Saturday, 17 May 2014

Sie sind hier, oder ... : A Dissertation Update

'Germania florescens' 1586
It's about time I did a dissertation update, even if to just place myself on the map; probably right in the middle of 'there be dragons'.  As part of the dissertation process we have to tell our fellow students where we are and what we've been up to so this partly arises out of that presentation.

As an aside I've been blown away by the sheer spread of topics that our little group have chosen, and given that this process is being replicated all over the country by History of Art students, the prospect of intellectual endeavour is dizzying. For instance, we have the relationship of Joshua Reynolds and Admiral Keppel, Holography, 'objects as ruins in the work of the British moderns', Imogen Cunningham and modernism in flowers, the Berwick Church murals and, finally, an exploration of temporality in a Niagra Falls inspired installation. And that is just a handful of the ideas flying around.

Continuing with the theme from my summer report, I am researching the wire drawing bench of the Elector of Saxony. My working title, 'Germania florescens: Illustrating Elector August I’s Saxony' suggests the myriad academic routes that this is currently taking. However I am trying to steer clear of an unsatisfactory superficial treatment of all issues –from European wars of religion, polemical printed responses, technical aspects of wiredrawing, marquetry design, marquetry workshops of Augsburg, metal in Nuremberg, mining in Saxony, the tournament in court spectaculars etc etc.

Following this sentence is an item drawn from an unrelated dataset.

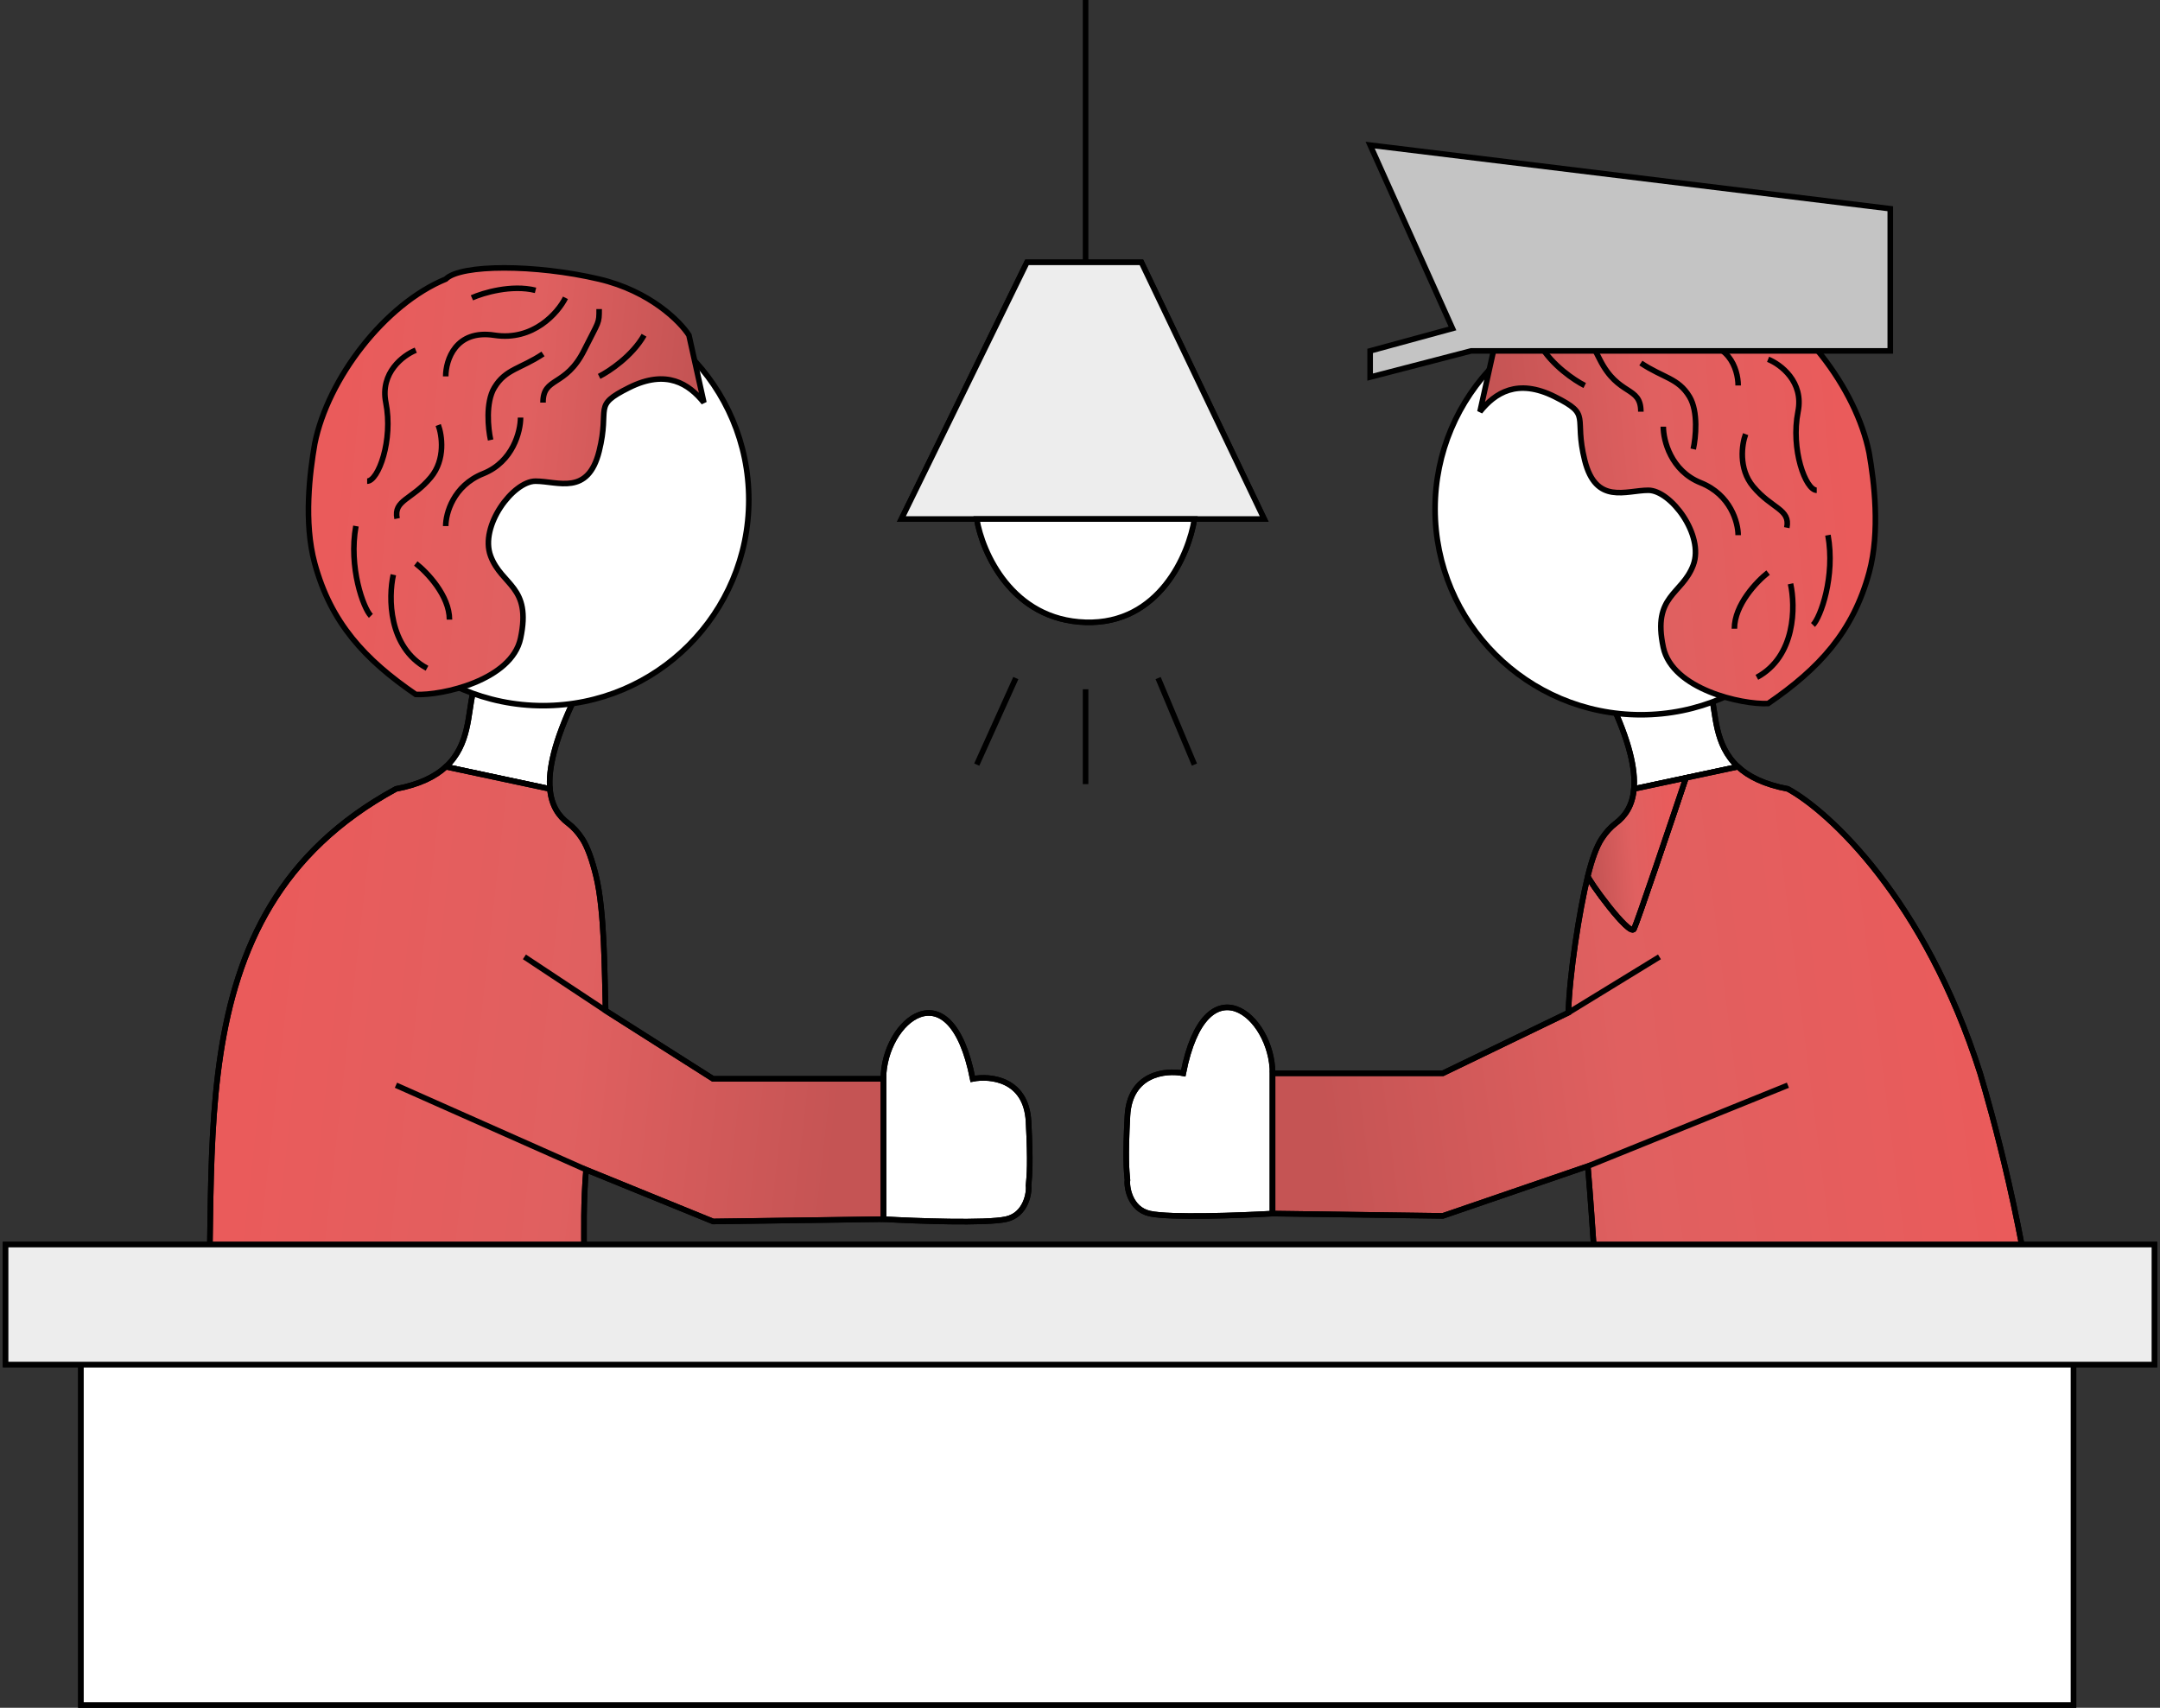 <?xml version="1.0" encoding="UTF-8"?> <svg xmlns="http://www.w3.org/2000/svg" width="387" height="306" viewBox="0 0 387 306" fill="none"><rect x="0" y="0" width="387" height="306" fill="#333333" stroke="none"/> <path d="M194.5 0V47M194.5 47H184L161.5 93H175M194.5 47H204.5L226.5 93H214M175 93C176 99 181.3 111.1 194.5 111.5C207.7 111.9 213 99.333 214 93M175 93H214M182 121.5L175 137M194.5 123.5V140.5M207.5 121.5L214 137" stroke="black"></path> <path d="M194.5 47H184L161.5 93H175H214H226.5L204.5 47H194.5Z" fill="#EDEDED" stroke="black"></path> <path d="M175 93C176 99 181.3 111.1 194.5 111.5C207.7 111.9 213 99.333 214 93H175Z" fill="white" stroke="black"></path> <path d="M288.404 125.341L306.506 124C307.474 127.829 307.1 133.435 311.383 137.385L302.065 139.372L292.747 141.359C293.055 137.865 291.963 132.817 288.404 125.341Z" fill="white" stroke="black"></path> <path d="M211.998 192.313C216 171.951 227.998 181.951 227.998 192.313V217.451C222.165 217.785 209.6 218.251 206 217.451C202.4 216.651 201.832 212.618 201.998 211.451C201.831 209.618 201.598 207.551 201.998 199.951C202.398 192.351 208.831 191.692 211.998 192.313Z" fill="white" stroke="black"></path> <path d="M354.778 192.313C356.633 198.565 363.038 220.696 365.773 246.691L286.96 242.223C285.959 230.604 285.444 220.4 284.49 208.951L258.508 217.862L227.998 217.451V192.313H258.508L281 181.451C281.202 174.563 282.943 163.275 284.49 156.951C284.365 157.451 292 167.951 292.747 166.451C293.345 165.251 299.208 147.898 302.065 139.372L311.383 137.385C313.28 139.134 316.09 140.558 320.334 141.359C327.686 145.358 344.866 161.147 354.778 192.313Z" fill="url(#paint0_linear)" stroke="black"></path> <path d="M289.493 147.505C291.165 146.242 292.48 144.382 292.746 141.359L302.064 139.372C299.207 147.898 293.344 165.251 292.746 166.451C291.999 167.951 284.365 157.451 284.489 156.951C285.188 154.096 286.014 151.744 286.959 150.295C287.699 149.161 288.54 148.224 289.493 147.505Z" fill="url(#paint1_linear)" stroke="black"></path> <path d="M281 181.451L258.508 192.313H227.998M281 181.451L297.32 171.451M281 181.451C281.202 174.563 282.943 163.275 284.49 156.951M284.49 208.951C285.444 220.4 285.959 230.604 286.96 242.223L365.773 246.691C363.038 220.696 356.633 198.565 354.778 192.313C344.866 161.147 327.686 145.358 320.334 141.359C316.09 140.558 313.28 139.134 311.383 137.385M284.49 208.951L258.508 217.862L227.998 217.451M284.49 208.951L320.334 194.451M227.998 192.313C227.998 181.951 216 171.951 211.998 192.313C208.831 191.692 202.398 192.351 201.998 199.951C201.598 207.551 201.831 209.618 201.998 211.451C201.832 212.618 202.4 216.651 206 217.451C209.6 218.251 222.165 217.785 227.998 217.451M227.998 192.313V217.451M292.747 141.359C292.481 144.382 291.166 146.242 289.494 147.504C288.541 148.224 287.699 149.161 286.96 150.295C286.015 151.744 285.189 154.096 284.49 156.951M292.747 141.359C293.055 137.865 291.963 132.817 288.405 125.341L306.507 124C307.474 127.829 307.101 133.435 311.383 137.385M292.747 141.359L302.065 139.372M311.383 137.385L302.065 139.372M302.065 139.372C299.208 147.898 293.345 165.251 292.747 166.451C292 167.951 284.365 157.451 284.49 156.951" stroke="black"></path> <path d="M293.991 54.323C314.356 54.323 330.865 70.832 330.865 91.197V91.197C330.865 111.562 314.356 128.071 293.991 128.071V128.071C273.626 128.071 257.117 111.562 257.117 91.197V91.197C257.117 70.832 273.626 54.323 293.991 54.323V54.323Z" fill="white" stroke="black"></path> <path d="M316.782 126.06C312.089 126.284 299.62 123.513 298.01 116.004C295.999 106.618 301.363 106.618 303.374 101.254C305.385 95.891 299.351 87.846 295.329 87.846C291.306 87.846 285.943 90.527 283.931 82.482C281.92 74.437 285.272 74.437 278.568 71.085C271.863 67.732 267.841 70.414 265.159 73.766L267.841 61.698C269.405 59.239 274.813 53.787 283.931 51.641C295.329 48.959 308.737 48.959 311.419 51.641C322.374 56.152 332.558 69.508 334.885 81.141C335.779 86.281 336.896 95.22 334.885 102.595C331.995 113.192 325.954 119.784 316.782 126.06Z" fill="url(#paint2_linear)"></path> <path d="M283.931 57.005C283.931 59.687 283.931 59.016 286.613 64.38C289.965 71.085 293.987 69.073 293.987 73.766M293.987 65.05C298.01 67.732 300.692 67.733 302.703 71.085C304.312 73.766 303.821 78.459 303.374 80.47M298.01 76.448C298.01 78.906 299.351 84.359 304.714 86.504C310.078 88.65 311.419 93.655 311.419 95.89M275.886 61.698C278.031 65.452 282.143 68.179 283.931 69.073M289.965 54.993C291.306 57.675 295.73 62.77 302.703 61.698C309.676 60.625 311.419 66.167 311.419 69.073M306.726 54.993C304.715 54.099 299.62 52.58 295.329 53.653M316.782 64.38C319.017 65.273 323.219 68.402 322.146 73.766C320.805 80.47 323.487 87.846 325.498 87.846M312.76 77.788C312.089 79.576 311.419 83.956 314.101 87.174C317.453 91.197 320.805 91.197 320.135 94.549M327.509 95.89C328.85 103.265 326.169 110.64 324.828 111.981M316.782 102.595C314.771 104.159 310.748 108.36 310.748 112.651M320.805 104.606C321.699 108.629 321.744 117.612 314.771 121.367M316.782 126.06C312.089 126.284 299.62 123.513 298.01 116.004C295.999 106.618 301.363 106.618 303.374 101.254C305.385 95.891 299.351 87.846 295.329 87.846C291.306 87.846 285.943 90.527 283.931 82.482C281.92 74.437 285.272 74.437 278.568 71.085C271.863 67.732 267.841 70.414 265.159 73.766L267.841 61.698C269.405 59.239 274.813 53.787 283.931 51.641C295.329 48.959 308.737 48.959 311.419 51.641C322.374 56.152 332.558 69.508 334.885 81.141C335.779 86.281 336.896 95.22 334.885 102.595C331.995 113.192 325.954 119.784 316.782 126.06Z" stroke="black"></path> <path d="M260.232 58.852L245.483 26L338.674 37.398V62.874H263.585L245.483 67.567V62.874L260.232 58.852Z" fill="#C4C4C4" stroke="black"></path> <path d="M102.873 125.341L84.771 124C83.803 127.829 84.177 133.435 79.894 137.385L89.213 139.372L98.531 141.359C98.223 137.865 99.315 132.817 102.873 125.341Z" fill="white" stroke="black"></path> <path d="M174.279 193.313C170.277 172.951 158.279 182.951 158.279 193.313V218.451C164.112 218.785 176.677 219.251 180.277 218.451C183.877 217.651 184.445 213.618 184.279 212.451C184.446 210.618 184.679 208.551 184.279 200.951C183.879 193.351 177.446 192.692 174.279 193.313Z" fill="white" stroke="black"></path> <path d="M36.5 247.581L104.318 242.223C105.318 230.604 104.05 221.03 105.004 209.581L127.77 218.862L158.279 218.451V193.313H127.77L108.504 181.081C108.302 174.192 108.334 163.275 106.787 156.951C106.089 154.096 105.263 151.744 104.318 150.295C103.578 149.161 102.737 148.224 101.783 147.505C100.112 146.242 98.797 144.382 98.53 141.359L89.212 139.372L79.894 137.385C77.998 139.134 75.188 140.558 70.943 141.359C29.127 164.104 40.458 209.967 36.5 247.581Z" fill="url(#paint3_linear)" stroke="black"></path> <path d="M108.504 181.081L127.77 193.313H158.279M108.504 181.081L93.957 171.451M108.504 181.081C108.302 174.192 108.334 163.275 106.787 156.951C106.089 154.096 105.263 151.744 104.318 150.295C103.578 149.161 102.737 148.224 101.783 147.504C100.112 146.242 98.797 144.382 98.53 141.359M105.004 209.581C104.05 221.03 105.318 230.604 104.318 242.223L36.5 247.581C40.458 209.967 29.127 164.104 70.943 141.359C75.188 140.558 77.998 139.134 79.894 137.385M105.004 209.581L127.77 218.862L158.279 218.451M105.004 209.581L70.943 194.451M158.279 193.313C158.279 182.951 170.277 172.951 174.279 193.313C177.446 192.692 183.879 193.351 184.279 200.951C184.679 208.551 184.446 210.618 184.279 212.451C184.445 213.618 183.877 217.651 180.277 218.451C176.677 219.251 164.112 218.785 158.279 218.451M158.279 193.313V218.451M98.53 141.359C98.222 137.865 99.314 132.817 102.873 125.341L84.771 124C83.803 127.829 84.177 133.435 79.894 137.385M98.53 141.359L89.212 139.372L79.894 137.385" stroke="black"></path> <path d="M97.286 52.693C76.921 52.693 60.412 69.202 60.412 89.567C60.412 109.932 76.921 126.441 97.286 126.441C117.651 126.441 134.16 109.932 134.16 89.567C134.16 69.202 117.651 52.693 97.286 52.693Z" fill="white" stroke="black"></path> <path d="M74.495 124.43C79.188 124.654 91.658 121.883 93.267 114.374C95.278 104.988 89.915 104.988 87.903 99.624C85.892 94.261 91.926 86.216 95.949 86.216C99.971 86.216 105.335 88.897 107.346 80.852C109.357 72.807 106.005 72.807 112.71 69.455C119.414 66.103 123.437 68.784 126.118 72.136L123.437 60.068C121.872 57.61 116.464 52.157 107.346 50.011C95.949 47.33 82.54 47.33 79.858 50.011C68.903 54.522 58.719 67.879 56.393 79.511C55.499 84.651 54.382 93.59 56.393 100.965C59.282 111.562 65.323 118.155 74.495 124.43Z" fill="url(#paint4_linear)"></path> <path d="M107.346 55.375C107.346 58.057 107.347 57.386 104.665 62.75C101.313 69.455 97.29 67.443 97.29 72.136M97.29 63.42C93.267 66.102 90.585 66.103 88.574 69.455C86.965 72.136 87.457 76.829 87.903 78.84M93.267 74.818C93.267 77.276 91.927 82.729 86.563 84.874C81.199 87.02 79.858 92.026 79.858 94.26M115.392 60.068C113.246 63.822 109.134 66.549 107.346 67.443M101.313 53.364C99.972 56.045 95.547 61.141 88.574 60.068C81.601 58.995 79.858 64.537 79.858 67.443M84.552 53.364C86.563 52.47 91.657 50.95 95.949 52.023M74.495 62.75C72.26 63.644 68.059 66.772 69.131 72.136C70.472 78.84 67.79 86.216 65.779 86.216M78.518 76.159C79.188 77.946 79.859 82.326 77.177 85.545C73.825 89.567 70.472 89.567 71.143 92.919M63.768 94.26C62.427 101.635 65.109 109.01 66.45 110.351M74.495 100.965C76.506 102.529 80.529 106.731 80.529 111.021M70.472 102.976C69.578 106.999 69.534 115.983 76.506 119.737M74.495 124.43C79.188 124.654 91.658 121.883 93.267 114.374C95.278 104.988 89.915 104.988 87.903 99.624C85.892 94.261 91.926 86.216 95.949 86.216C99.971 86.216 105.335 88.897 107.346 80.852C109.357 72.807 106.005 72.807 112.71 69.455C119.414 66.103 123.437 68.784 126.118 72.136L123.437 60.068C121.872 57.61 116.464 52.157 107.346 50.011C95.949 47.33 82.54 47.33 79.858 50.011C68.903 54.522 58.719 67.879 56.393 79.511C55.499 84.651 54.382 93.59 56.393 100.965C59.282 111.562 65.323 118.155 74.495 124.43Z" stroke="black"></path> <path d="M14.5 244.5H1V223H386V244.5H371.5M14.5 244.5V305.5H371.5V244.5M14.5 244.5H371.5" stroke="black"></path> <path d="M14.5 244.5V305.5H371.5V244.5H14.5Z" fill="white" stroke="black"></path> <path d="M386 223H1V244.5H14.5H371.5H386V223Z" fill="#EDEDED" stroke="black"></path> <defs> <linearGradient id="paint0_linear" x1="352.763" y1="157.435" x2="233.697" y2="172.768" gradientUnits="userSpaceOnUse"> <stop stop-color="#EA5B5B"></stop> <stop offset="0.547" stop-color="#E06060"></stop> <stop offset="1" stop-color="#C55454"></stop> </linearGradient> <linearGradient id="paint1_linear" x1="300.405" y1="144.366" x2="285.03" y2="145.38" gradientUnits="userSpaceOnUse"> <stop stop-color="#EA5B5B"></stop> <stop offset="0.547" stop-color="#E06060"></stop> <stop offset="1" stop-color="#C55454"></stop> </linearGradient> <linearGradient id="paint2_linear" x1="329.321" y1="63.652" x2="267.628" y2="69.494" gradientUnits="userSpaceOnUse"> <stop stop-color="#EA5B5B"></stop> <stop offset="0.547" stop-color="#E06060"></stop> <stop offset="1" stop-color="#C55454"></stop> </linearGradient> <linearGradient id="paint3_linear" x1="48" y1="157.598" x2="153.64" y2="169.526" gradientUnits="userSpaceOnUse"> <stop stop-color="#EA5B5B"></stop> <stop offset="0.547" stop-color="#E06060"></stop> <stop offset="1" stop-color="#C55454"></stop> </linearGradient> <linearGradient id="paint4_linear" x1="61.956" y1="62.022" x2="123.65" y2="67.864" gradientUnits="userSpaceOnUse"> <stop stop-color="#EA5B5B"></stop> <stop offset="0.547" stop-color="#E06060"></stop> <stop offset="1" stop-color="#C55454"></stop> </linearGradient> </defs> </svg>

So where is this title going?

The ‘Flourishing Germany’ in the title comes from a print by Jost Amman in 1586. I thought this an interesting expansion, yet I had reservations about whether it was too late for my purposes. My tutor has suggested that I keep it in mind; the idea of a flourishing Germany is a productive angle and if this was published in the year of August’s death then it plausibly emerges from the same or a very closely related cultural milieu. He says.

Josh Amman is probably going to turn out to be the most influential character regarding the iconography of the bench. As Stephanie Deprouw has already mentioned in a blog post, she sees his stylistic influence on the decoration of the bench. Given that this print includes the mining, hunting, landscape and warfare, and these themes are also depicted in marquetry, I wonder whether it is reasonable to argue that the bench partly illustrates August’s desire for a flourishing Saxony? This high profile workshop piece would have been seen by important people within and outside the area, therefore, how far was it a propaganda piece?

All my reading  - about Dresden and art, history of marquetry, jousting and tournaments, reformation Germany, family feuds and the Holy Roman Empire, other German courts - has been illuminating but I remain struck by the ideas I had in the National Gallery. When I announced in class that I have been collecting information about the Nazi's pet art history theory, there were some blank faces; this isn't without its ideological dangers. However the more I read about how kunstgeographie, stripped of certain unscientific elements, has evolved, the more it fascinate me. Naturally only a small number of people are working in this area and they are generally architects and design historians. Having read around Thomas daCostaKaufmann’s theory of kunstgeographie, I believe it deserves re evaluation in light of the geographically specific piece I am working on. It also emphasises the Saxon propaganda.

Anyway I now need to start explaining what is so interesting about kunstgeographie, so that I can enlighten my tutor.